I've gotten through the majority of the 10 day wait till my ultrasound by keeping busy, but I have to admit this week is dragging. Late last week I was walking home from work, and I started to worry because the perpetual exhaustion I generally feel had subsided for the day and I almost felt normal. I worried that the respite from this pregnancy symptom meant I was having a miscarriage. And then I reminded myself of two things - first, pregnancy symptoms subside all the time and then come roaring back, as my exhaustion certainly did the next day; and two, if this pregnancy isn't going to work out, it's a foregone conclusion and there's nothing I can do about it. I realize that might not sound like a very comforting thought, but it actually helped me. It reminded me that there's really nothing I can do at this point, and overanalyzing pregnancy symptoms is probably a waste of time.

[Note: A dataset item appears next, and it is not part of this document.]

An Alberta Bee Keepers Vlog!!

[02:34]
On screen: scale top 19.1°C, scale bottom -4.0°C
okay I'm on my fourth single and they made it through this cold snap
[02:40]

Still, the time is dragging now. The last book in the Divergent trilogy (called Allegiant) came out yesterday, so I started reading that right away and it's been a pretty good distraction. I've been cooking a lot this week. I'm not allowed to read pregnancy-related books right now. So instead I'm focusing on Thanksgiving recipes.

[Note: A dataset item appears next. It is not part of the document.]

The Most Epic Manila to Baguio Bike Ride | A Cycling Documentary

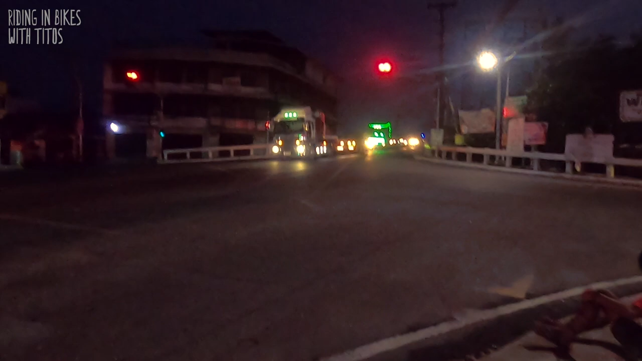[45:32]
So par may paahon na ng konti dito.
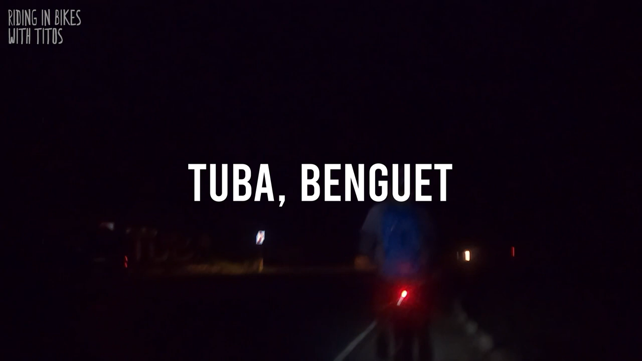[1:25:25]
Pre, yan pa lang yung tuba. Yan pa lang yung town before Baguio daw.

Last weekend we went to visit Jeeves' brother and his family in Pennsylvania because it was our nephew, J's, first communion. As usual, it was fun and great to see the kids. J is 8 and A is 5. They are wonderful, loving, energetic kids. And they are fucking exhausting. And loud! So loud! Even my sister-in-law's sisters said to me that they think J and A are the two loudest kids they know. It is common when we spend time with them that we can't sleep past 8:00 in the morning on a Saturday or Sunday because the kids are up and so very loud. And when you stagger downstairs, they want your full attention before you've even had your cup of coffee. Even though I love seeing them, when we do see them, I worry that I have romanticized parenthood. Last year when my oldest nephew, Connor (my sister's kid), came to help me with the preparation for Thanksgiving dinner, I came downstairs early, poured myself a coffee, and then Dad and I sat bleary-eyed at the table while Connor talked and talked and talked. My dad and I are not morning people, we need, like, an hour of quiet to drink our coffee and wake up. My nephew takes after my mom - preternaturally cheerful in the morning and full of things to say. It was very fun to have Connor help me in the kitchen, but that kid talks a lot and he asks a lot of questions. He is 11 after all.
My point is this - I love all my nephews. My relationship with them has enriched my life and they are very dear to me. But my nephews, and indeed, all kids, are also exhausting. Parenthood isn't 24-7 fun, it's not easy. I always knew that logically, but it's a little bit realer to me in this moment. My sister-in-law is completely sleep deprived. She's up early to get the kids ready for school, then she either goes to work herself or has about a million chores/errands, then kids are home, homework, dinner, baths, bedtime. As she explained it to me, she stays up far too late at night because after the kids go to sleep and her husband passes out on the couch, it is finally her time to watch TV or play on the computer. That's her only time to herself when no one needs anything from her, and she chooses that over sleep.
I came home from the weekend a little scared about the possibility of being a parent, which I know sounds ridiculous coming from an infertile, but I've read many other bloggers have similar musings after spending time with nieces and nephews. I'm trying to look at it thusly - we will be good, hard-working parents, but we will enter this knowing full well that this is going to be challenging.
Two more days. I'm really hoping that Friday will give us an answer.